Deployment specifications

A deployment specification is a special kind of artifact that specifies the parameters to be used by another artifact (usually an executable file or script) at run time, either to determine how the artifact runs, or to configure the artifact's host (i.e. a hardware node or execution environment). The deployment specification is typically deployed to a node along with the artifact whose runtime parameters it describes. The deployment specification is drawn as a rectangle, as shown below, and looks like any other artifact except that the «artifact» stereotype is replaced by the «deployment spec» stereotype. In addition, the rectangle may optionally have an additional compartment in which the deployment specification's properties are listed. The properties are listed using the name : type notation:


A deployment specification parameterises an artifact

A deployment specification parameterises an artifact


In the above example, both the artifact Organiser.exe and the deployment specification Organiser.config are deployed to the execution environment Windows. The deployment specification is connected to the artifact it parameterises using a dependency arrow (a broken line from the deployment specification to the artifact, with an open arrowhead pointing at the artifact). Both the artifact and the deployment specification are nested within the execution environment. The deployment may alternatively be modelled as shown below, with the artifact connected to the execution environment using a deployment arrow. The deployment specification is attached to the deployment arrow via a broken line.

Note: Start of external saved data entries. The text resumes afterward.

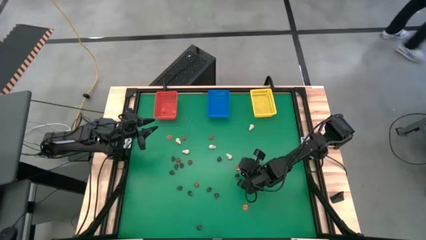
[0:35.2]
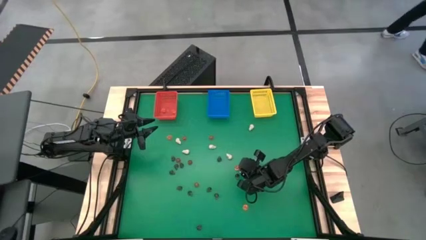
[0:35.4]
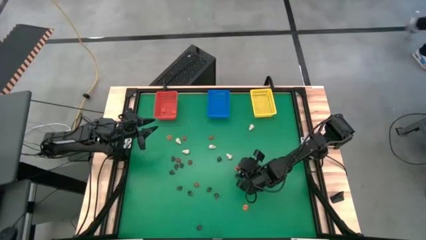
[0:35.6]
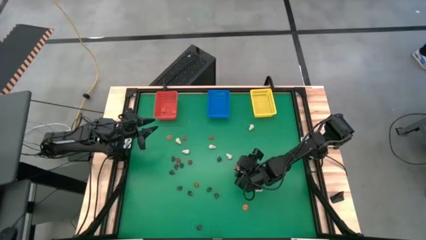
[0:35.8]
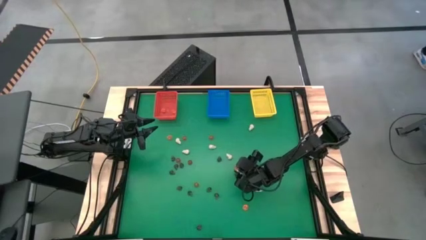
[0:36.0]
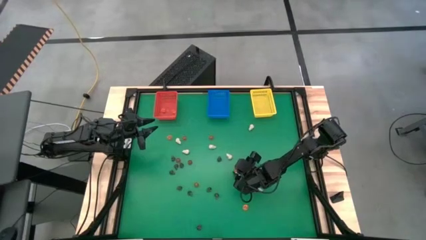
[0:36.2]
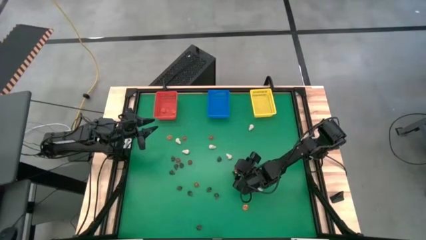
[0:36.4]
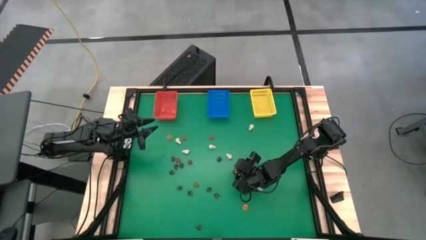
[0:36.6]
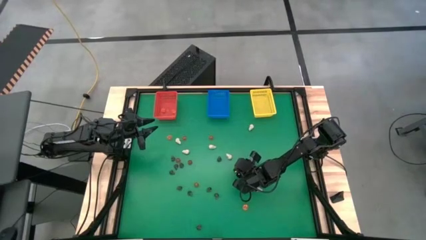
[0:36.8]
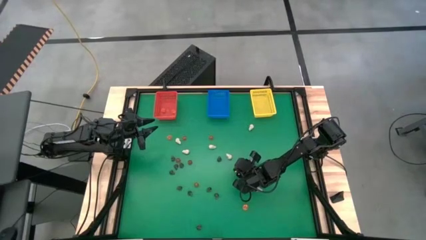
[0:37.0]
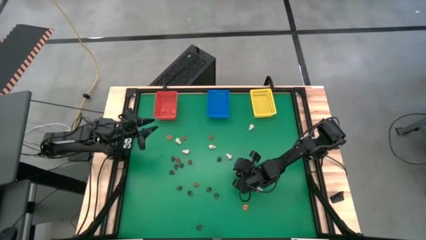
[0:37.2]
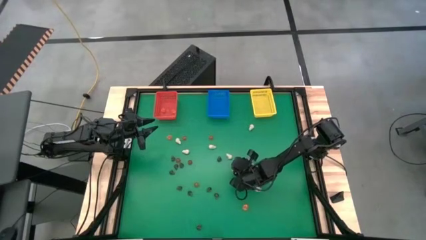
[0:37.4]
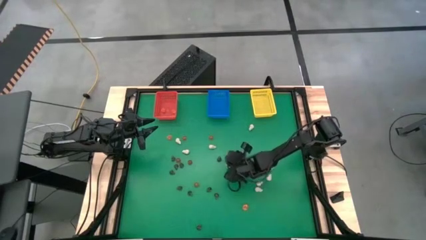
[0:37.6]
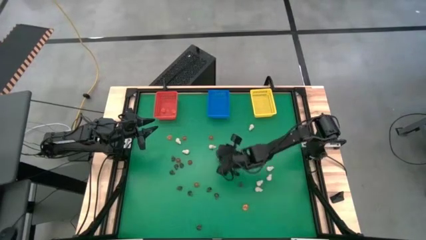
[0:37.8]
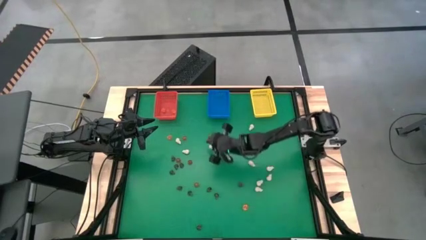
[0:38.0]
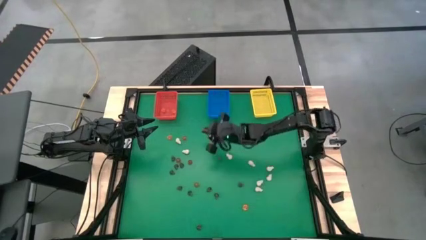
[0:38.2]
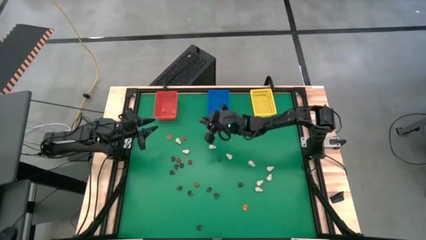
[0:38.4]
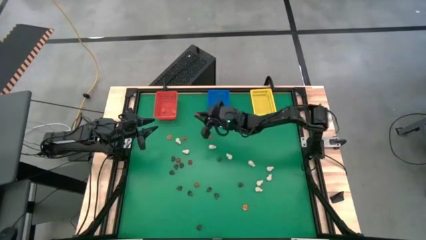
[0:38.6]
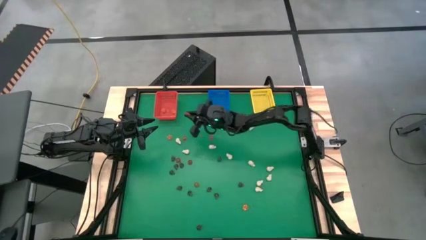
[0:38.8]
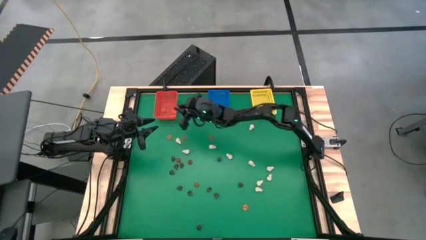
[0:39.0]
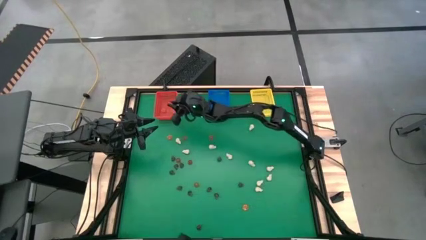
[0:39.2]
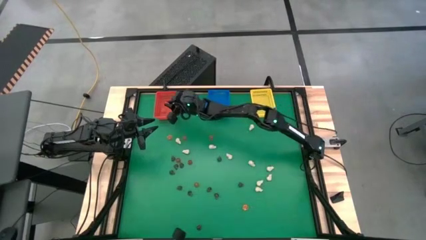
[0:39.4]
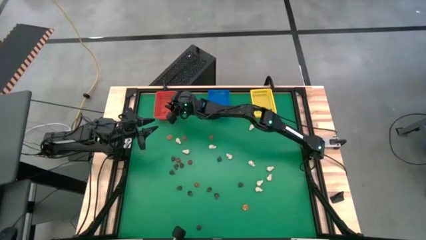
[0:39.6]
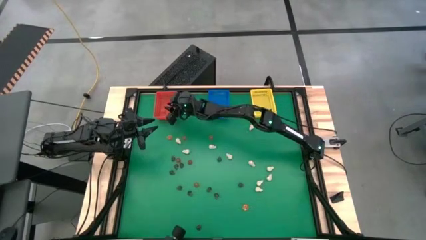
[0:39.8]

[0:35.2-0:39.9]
Task: Sort Halloween decoration
Put the orange pumpkin toy into the red bin

The deployment specification may be attached to the deployment arrow

The deployment specification may be attached to the deployment arrow


Like an artifact, a deployment specification becomes an instance when deployed to a specific host environment. An instance of a deployment specification is called a deployment descriptor. The name of the deployment specification will be underlined, and the deployment properties will be given specific values, as shown below. In this example, an instance of the Organiser.exe artifact is deployed to a desktop computer running the Windows operating system, and is parameterized by an instance of the deployment specification Organiser.config.